● **What this task involves**:
Print every entry exactly once more, omitting each picture.

++++ Provided records ++++

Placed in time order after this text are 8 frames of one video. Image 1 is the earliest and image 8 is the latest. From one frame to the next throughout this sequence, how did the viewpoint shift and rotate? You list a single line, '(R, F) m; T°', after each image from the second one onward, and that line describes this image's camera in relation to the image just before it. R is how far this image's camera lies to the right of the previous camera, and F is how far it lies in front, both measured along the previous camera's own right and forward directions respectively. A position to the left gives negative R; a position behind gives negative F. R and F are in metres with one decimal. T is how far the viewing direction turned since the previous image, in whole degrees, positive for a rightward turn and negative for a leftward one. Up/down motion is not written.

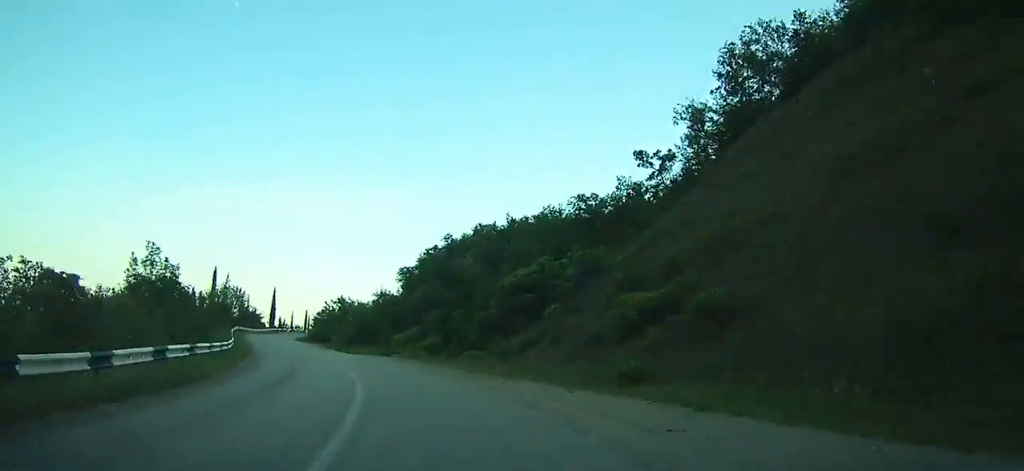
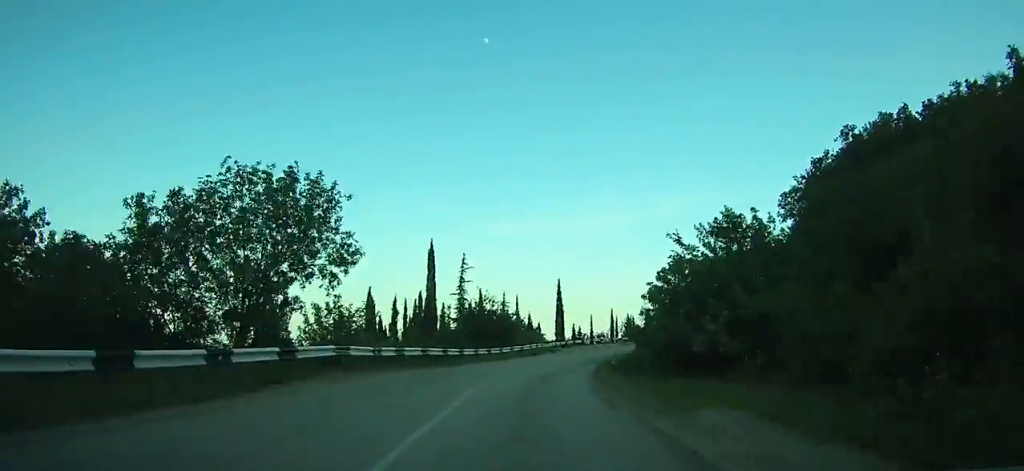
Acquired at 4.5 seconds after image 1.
(-16.5, +56.5) m; -18°
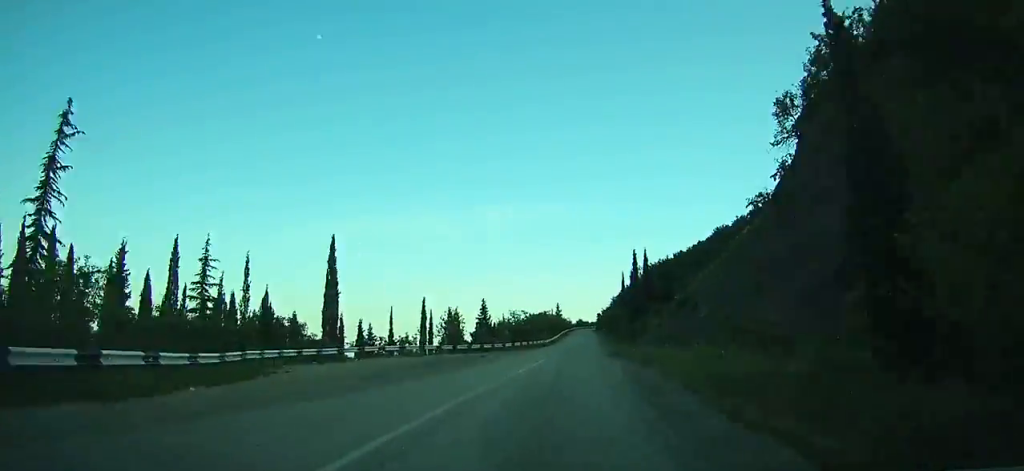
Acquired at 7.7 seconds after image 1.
(+3.8, +46.4) m; +11°
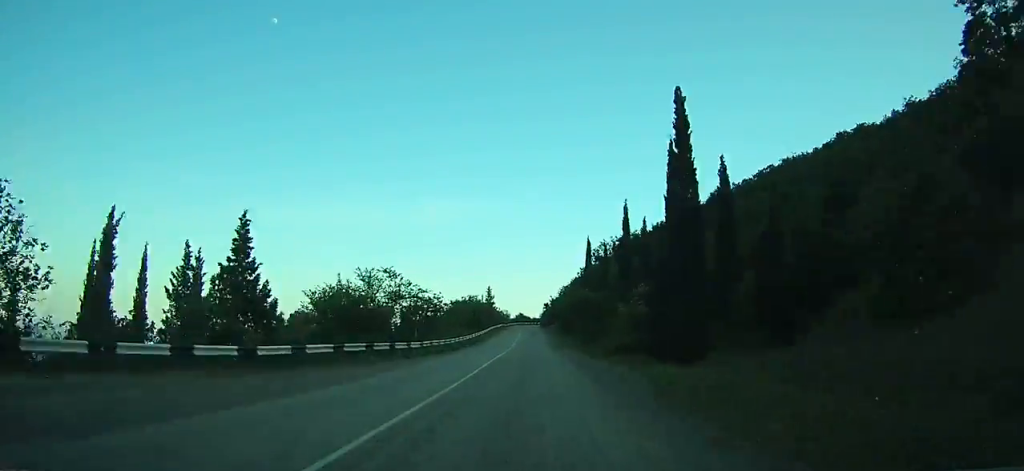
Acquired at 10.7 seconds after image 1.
(+5.2, +46.3) m; +6°
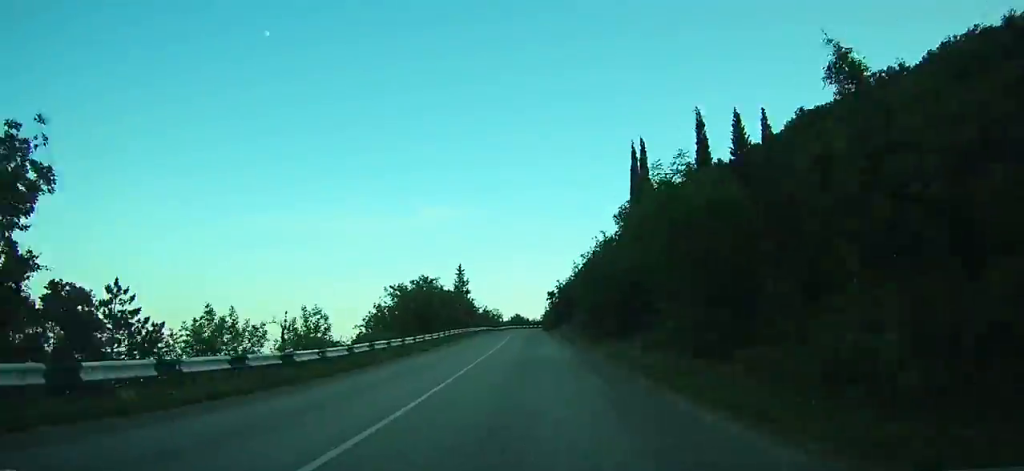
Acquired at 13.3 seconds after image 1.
(+0.1, +42.1) m; 0°
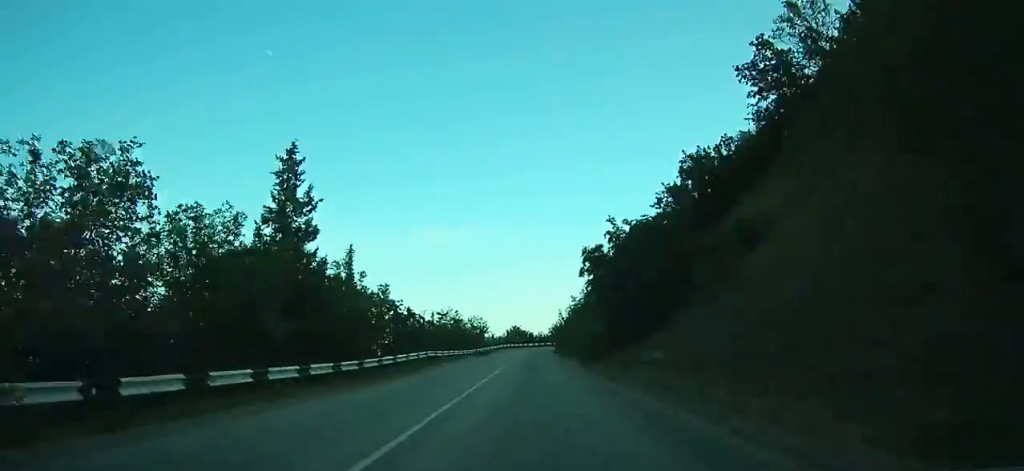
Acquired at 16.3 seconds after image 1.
(-0.3, +48.8) m; 0°
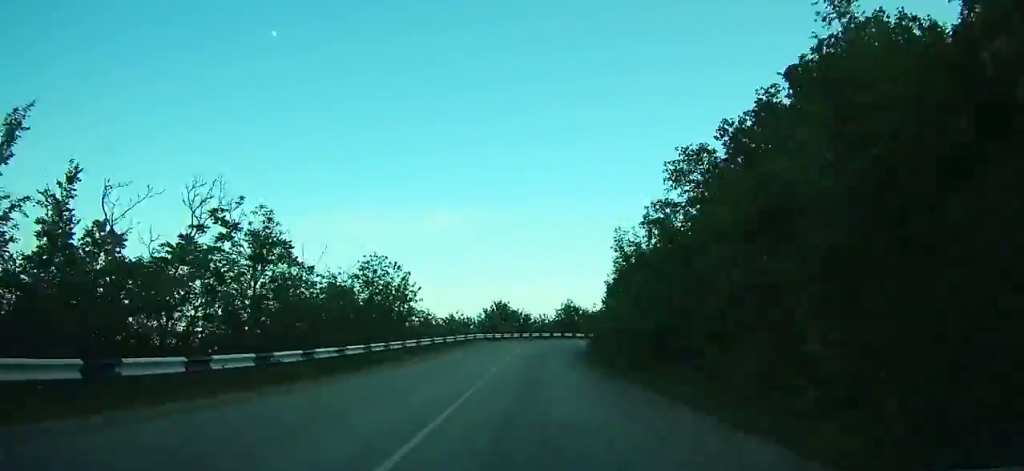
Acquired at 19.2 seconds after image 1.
(+0.2, +45.3) m; +3°
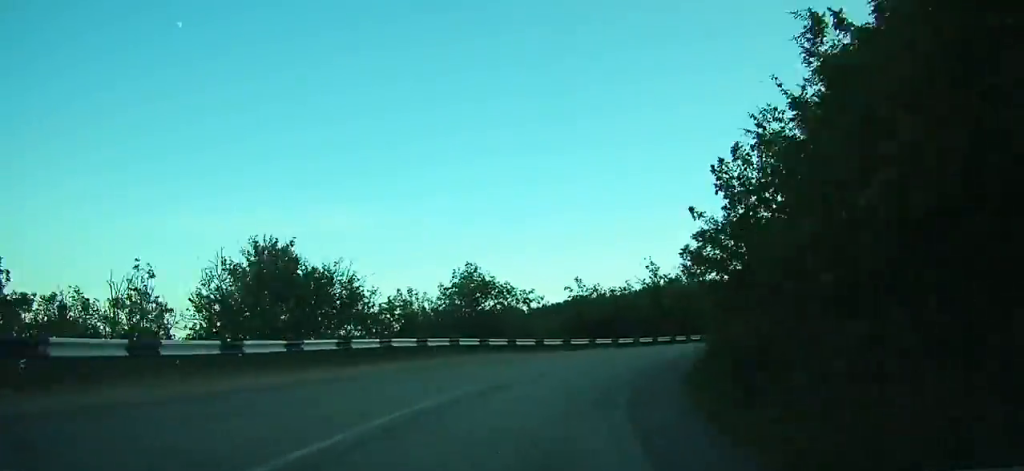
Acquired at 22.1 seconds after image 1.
(+1.9, +41.8) m; +14°
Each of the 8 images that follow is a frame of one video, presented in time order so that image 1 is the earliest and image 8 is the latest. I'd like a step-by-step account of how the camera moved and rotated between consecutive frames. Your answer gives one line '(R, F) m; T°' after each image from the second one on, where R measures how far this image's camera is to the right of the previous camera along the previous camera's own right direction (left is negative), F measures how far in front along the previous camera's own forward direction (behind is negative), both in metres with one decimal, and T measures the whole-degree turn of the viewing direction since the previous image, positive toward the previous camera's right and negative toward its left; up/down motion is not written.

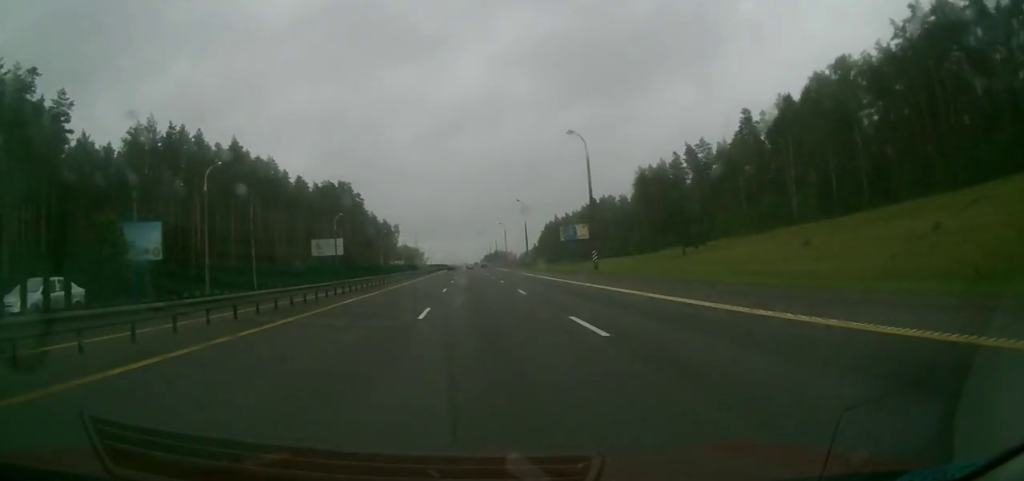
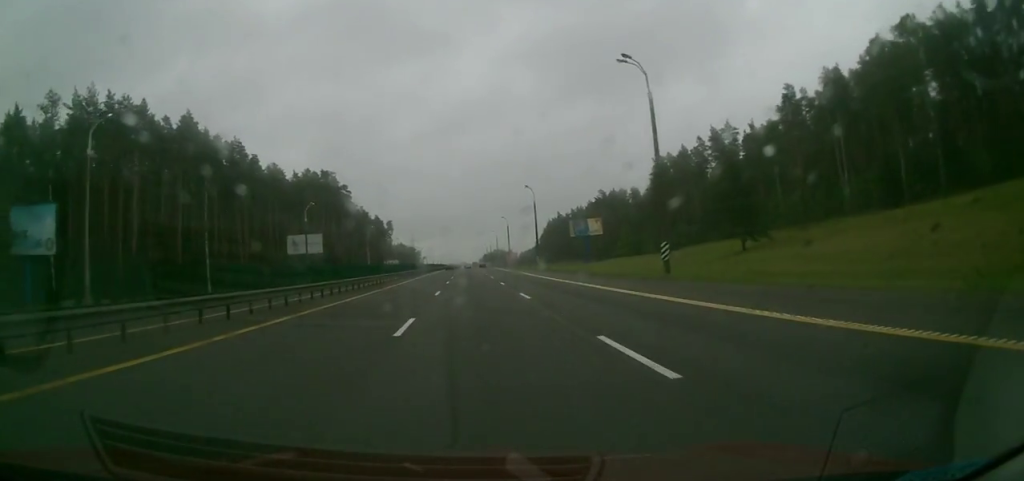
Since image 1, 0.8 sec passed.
(0.0, +20.1) m; 0°
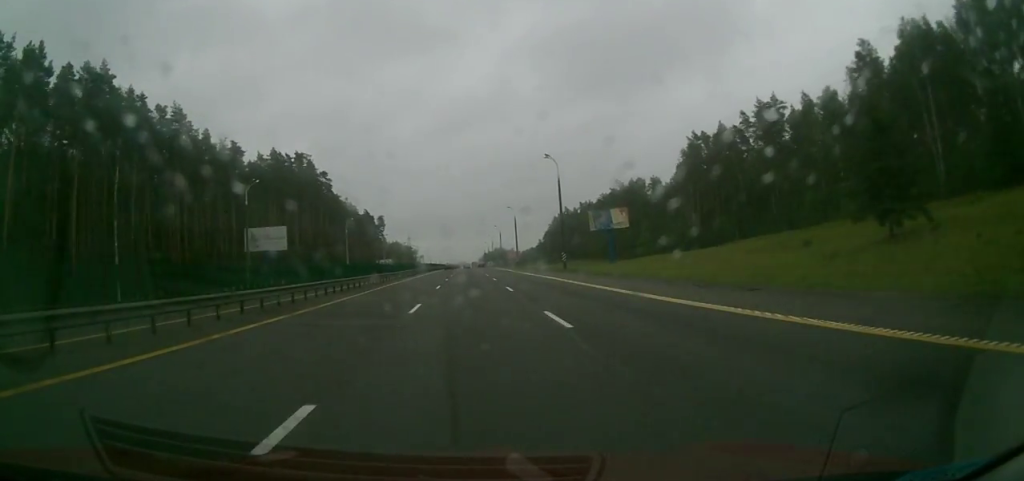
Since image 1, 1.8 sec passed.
(0.0, +26.2) m; +1°
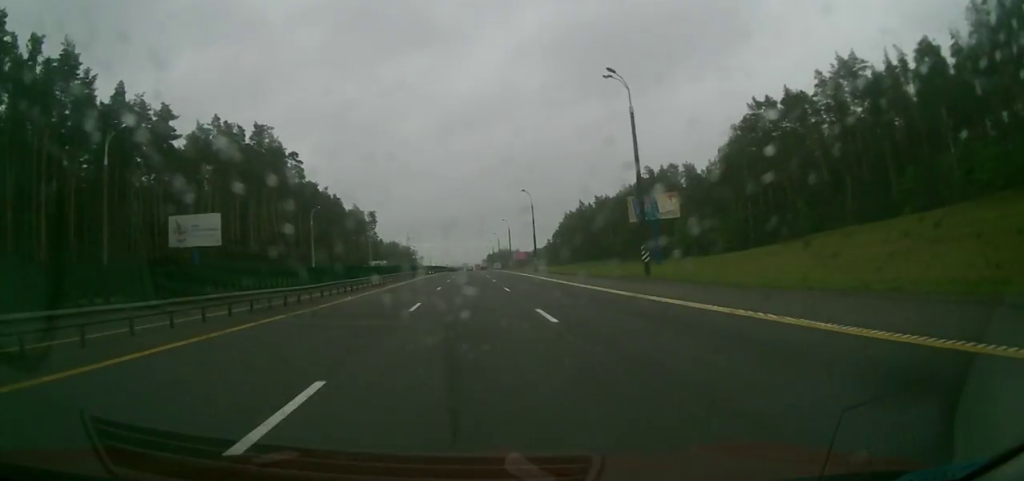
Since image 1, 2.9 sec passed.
(+0.5, +30.6) m; 0°
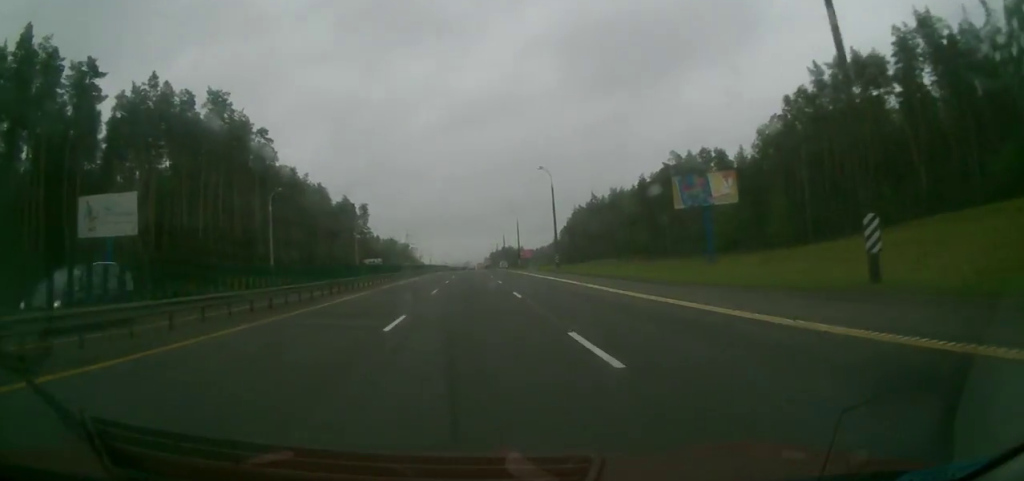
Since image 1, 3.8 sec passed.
(-0.3, +22.1) m; -1°
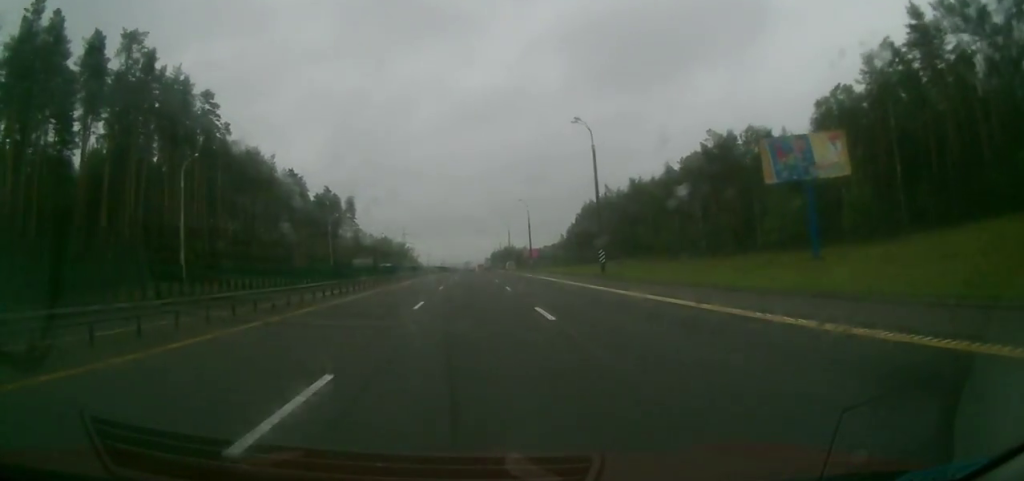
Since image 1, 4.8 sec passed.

++++

● **Written answer**:
Placed in time order after this text are 8 frames of one video. Image 1 is the earliest and image 8 is the latest. From one frame to the next throughout this sequence, how did the viewpoint shift and rotate? You list a single line, '(R, F) m; T°', after each image from the second one onward, and that line describes this image's camera in relation to the image just before it. R is how far this image's camera lies to the right of the previous camera, and F is how far it lies in front, both measured along the previous camera's own right and forward directions respectively. A position to the left gives negative R; a position behind gives negative F. R and F are in metres with one decimal. T is how far the viewing direction turned since the previous image, in whole degrees, positive for a rightward turn and negative for a leftward one. Up/down motion is not written.

Acquired at 4.5 seconds after image 1.
(-16.5, +56.5) m; -18°
Acquired at 7.7 seconds after image 1.
(+3.8, +46.4) m; +11°
Acquired at 10.7 seconds after image 1.
(+5.2, +46.3) m; +6°
Acquired at 13.3 seconds after image 1.
(+0.1, +42.1) m; 0°
Acquired at 16.3 seconds after image 1.
(-0.3, +48.8) m; 0°
Acquired at 19.2 seconds after image 1.
(+0.2, +45.3) m; +3°
Acquired at 22.1 seconds after image 1.
(+1.9, +41.8) m; +14°
Each of the 8 images that follow is a frame of one video, presented in time order so that image 1 is the earliest and image 8 is the latest. I'd like a step-by-step account of how the camera moved and rotated between consecutive frames. Your answer gives one line '(R, F) m; T°' after each image from the second one on, where R measures how far this image's camera is to the right of the previous camera along the previous camera's own right direction (left is negative), F measures how far in front along the previous camera's own forward direction (behind is negative), both in metres with one decimal, and T measures the whole-degree turn of the viewing direction since the previous image, positive toward the previous camera's right and negative toward its left; up/down motion is not written.

Since image 1, 0.8 sec passed.
(0.0, +20.1) m; 0°
Since image 1, 1.8 sec passed.
(0.0, +26.2) m; +1°
Since image 1, 2.9 sec passed.
(+0.5, +30.6) m; 0°
Since image 1, 3.8 sec passed.
(-0.3, +22.1) m; -1°
Since image 1, 4.8 sec passed.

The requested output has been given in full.